[Items from a data source]
|---|

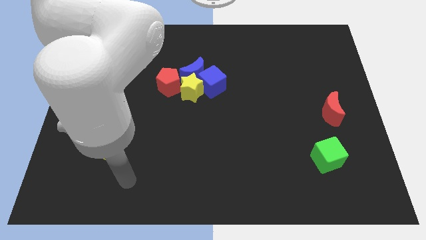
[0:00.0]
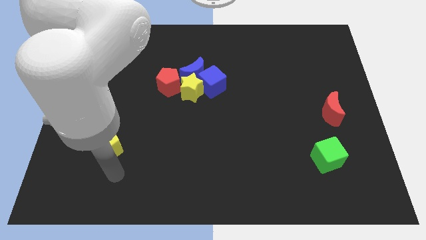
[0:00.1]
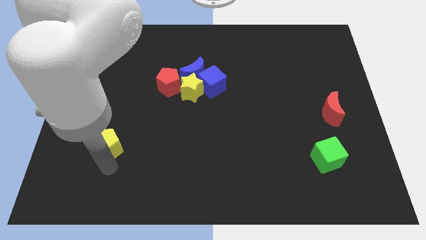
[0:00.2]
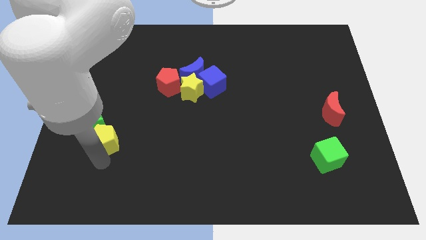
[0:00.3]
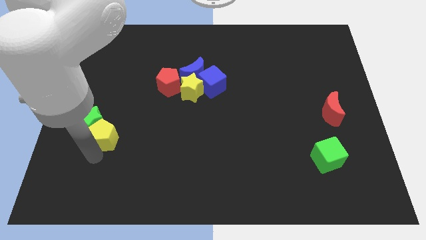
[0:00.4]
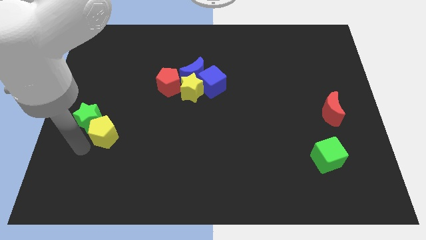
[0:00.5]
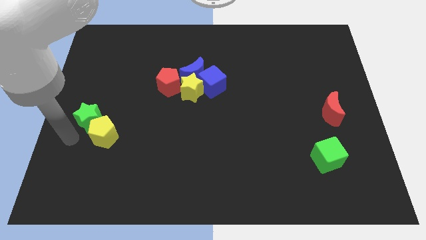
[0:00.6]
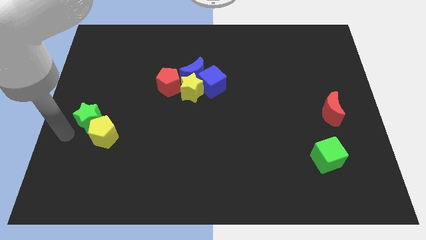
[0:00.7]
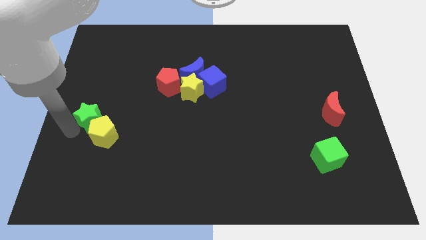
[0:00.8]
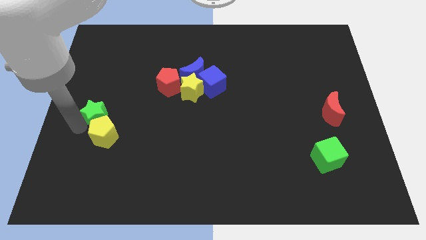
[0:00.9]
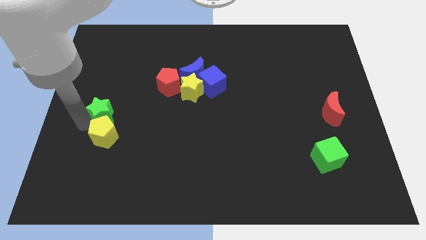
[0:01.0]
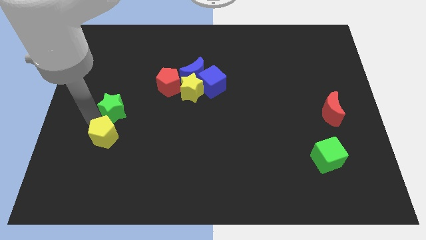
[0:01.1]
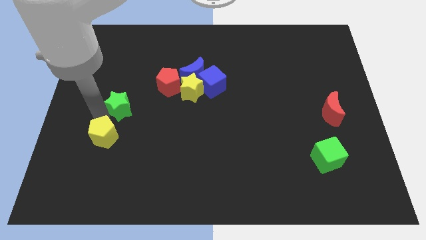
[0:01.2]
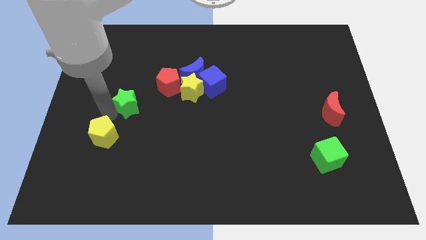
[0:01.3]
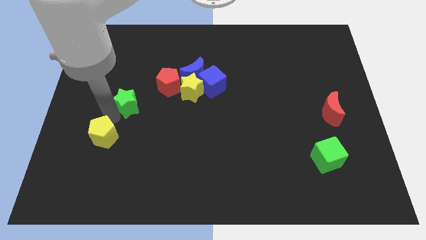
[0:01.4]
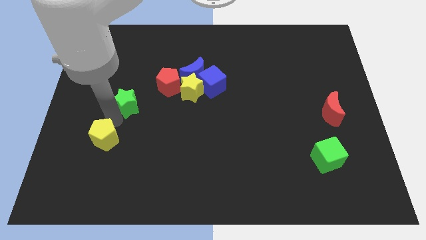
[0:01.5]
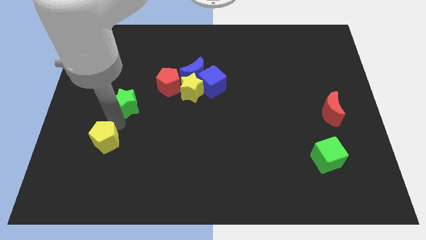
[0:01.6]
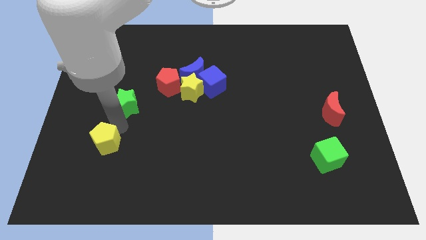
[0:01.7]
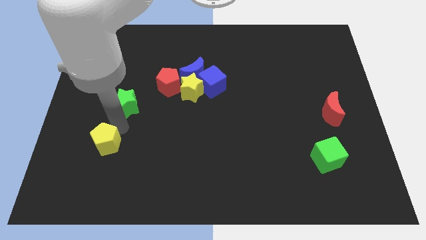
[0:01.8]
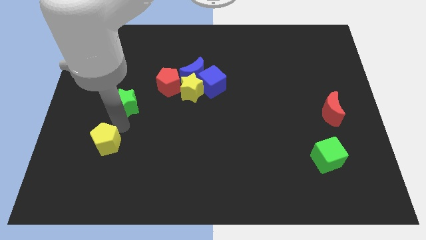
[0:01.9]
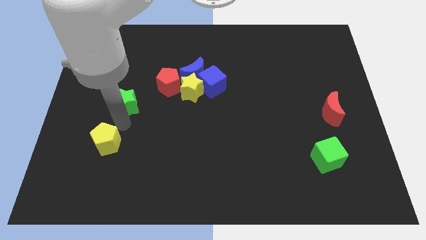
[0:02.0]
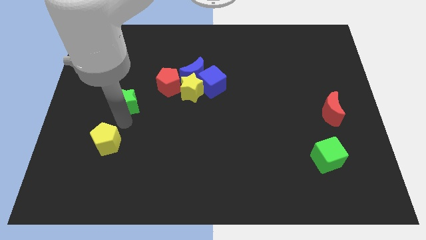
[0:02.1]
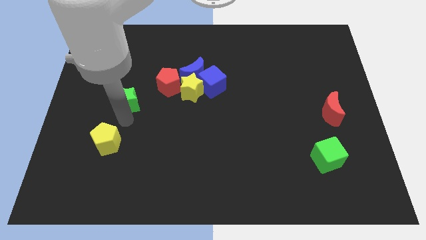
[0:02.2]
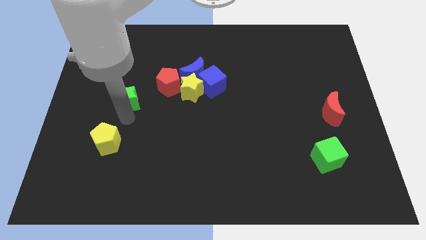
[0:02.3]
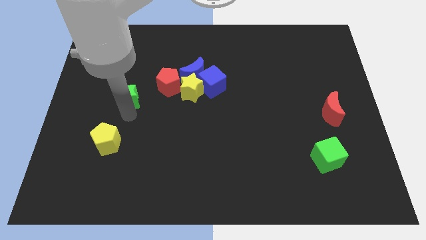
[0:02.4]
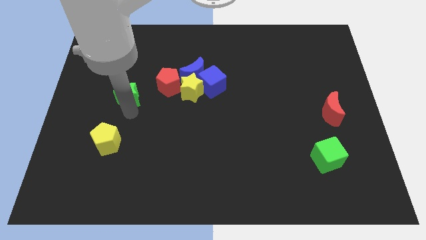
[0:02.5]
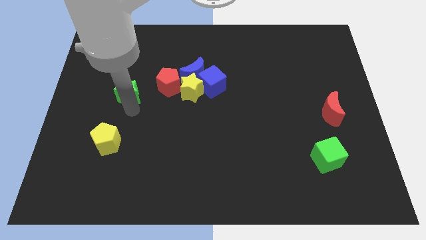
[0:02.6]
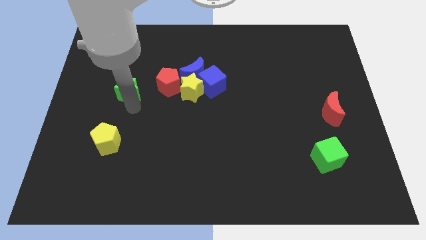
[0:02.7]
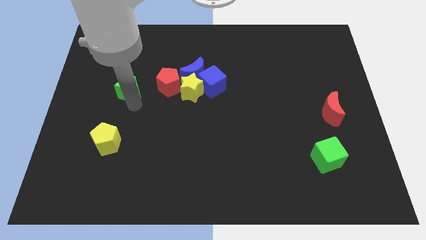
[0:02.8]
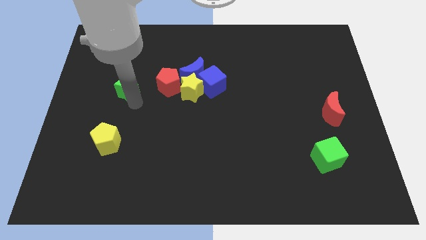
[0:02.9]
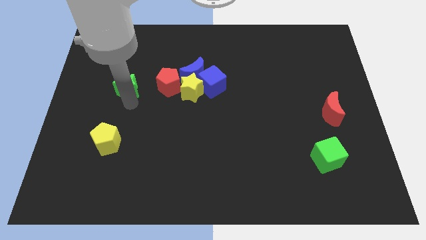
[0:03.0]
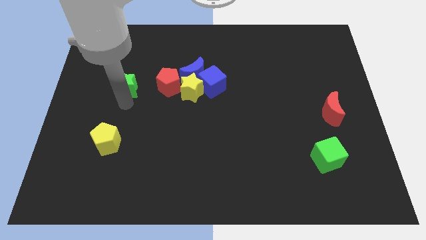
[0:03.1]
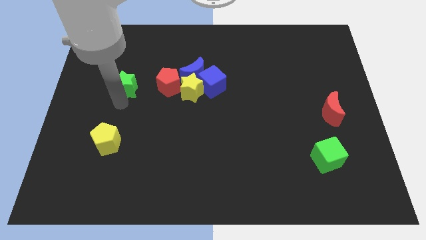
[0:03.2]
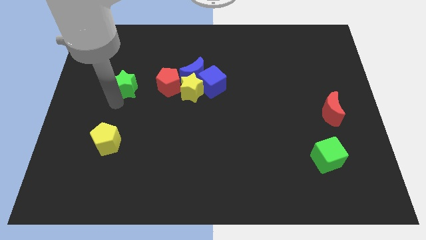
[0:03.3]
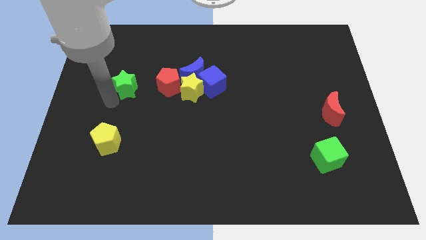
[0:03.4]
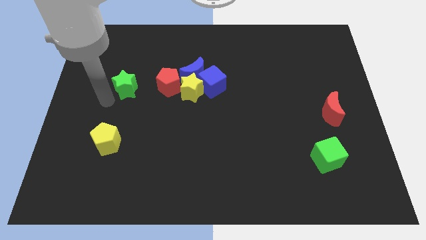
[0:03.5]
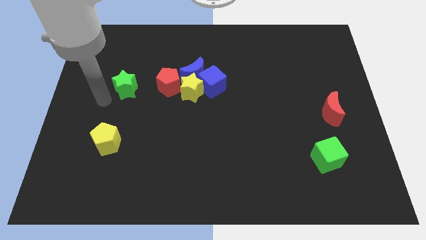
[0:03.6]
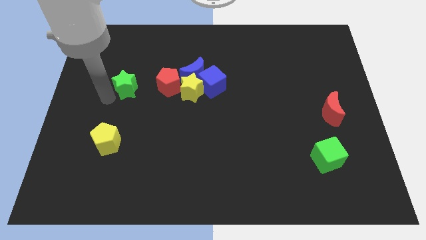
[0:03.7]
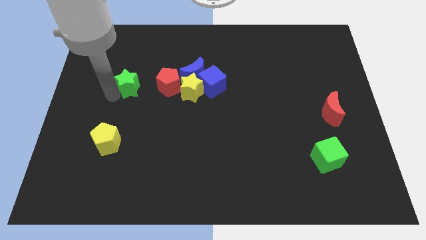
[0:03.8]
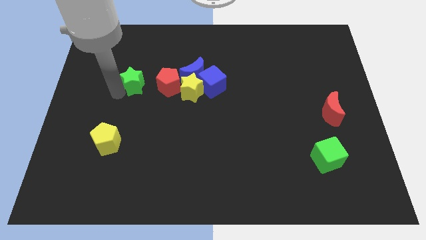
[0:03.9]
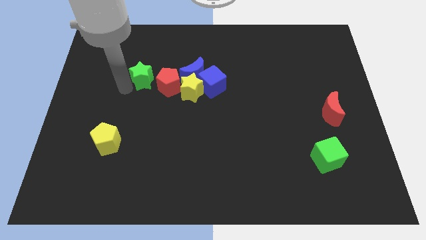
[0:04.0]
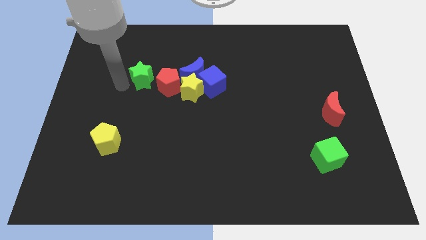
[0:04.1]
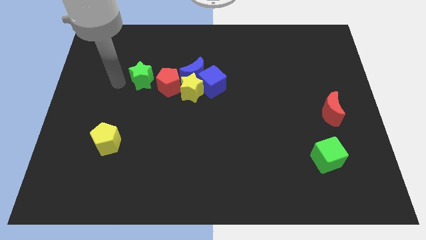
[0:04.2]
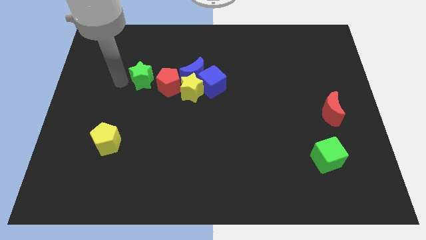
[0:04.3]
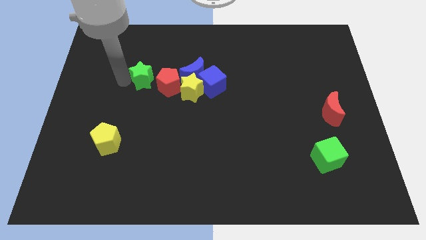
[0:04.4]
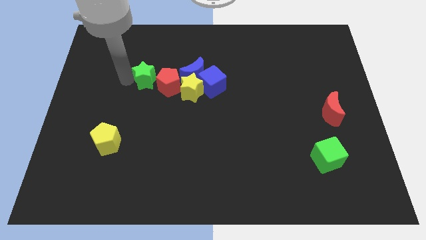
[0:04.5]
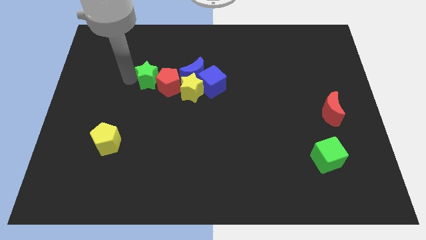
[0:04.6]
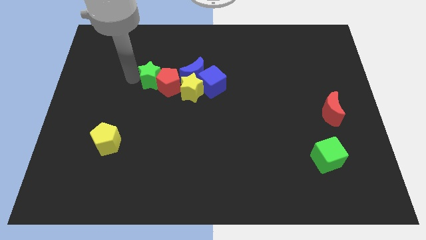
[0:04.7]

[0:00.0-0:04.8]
move the green star diagonally up and to the left of the yellow star

|---|

# Description of the task
With the images excluded, reproduce the data above precisely as written.

# Result
[0:00.0]
[0:00.1]
[0:00.2]
[0:00.3]
[0:00.4]
[0:00.5]
[0:00.6]
[0:00.7]
[0:00.8]
[0:00.9]
[0:01.0]
[0:01.1]
[0:01.2]
[0:01.3]
[0:01.4]
[0:01.5]
[0:01.6]
[0:01.7]
[0:01.8]
[0:01.9]
[0:02.0]
[0:02.1]
[0:02.2]
[0:02.3]
[0:02.4]
[0:02.5]
[0:02.6]
[0:02.7]
[0:02.8]
[0:02.9]
[0:03.0]
[0:03.1]
[0:03.2]
[0:03.3]
[0:03.4]
[0:03.5]
[0:03.6]
[0:03.7]
[0:03.8]
[0:03.9]
[0:04.0]
[0:04.1]
[0:04.2]
[0:04.3]
[0:04.4]
[0:04.5]
[0:04.6]
[0:04.7]

[0:00.0-0:04.8]
move the green star diagonally up and to the left of the yellow star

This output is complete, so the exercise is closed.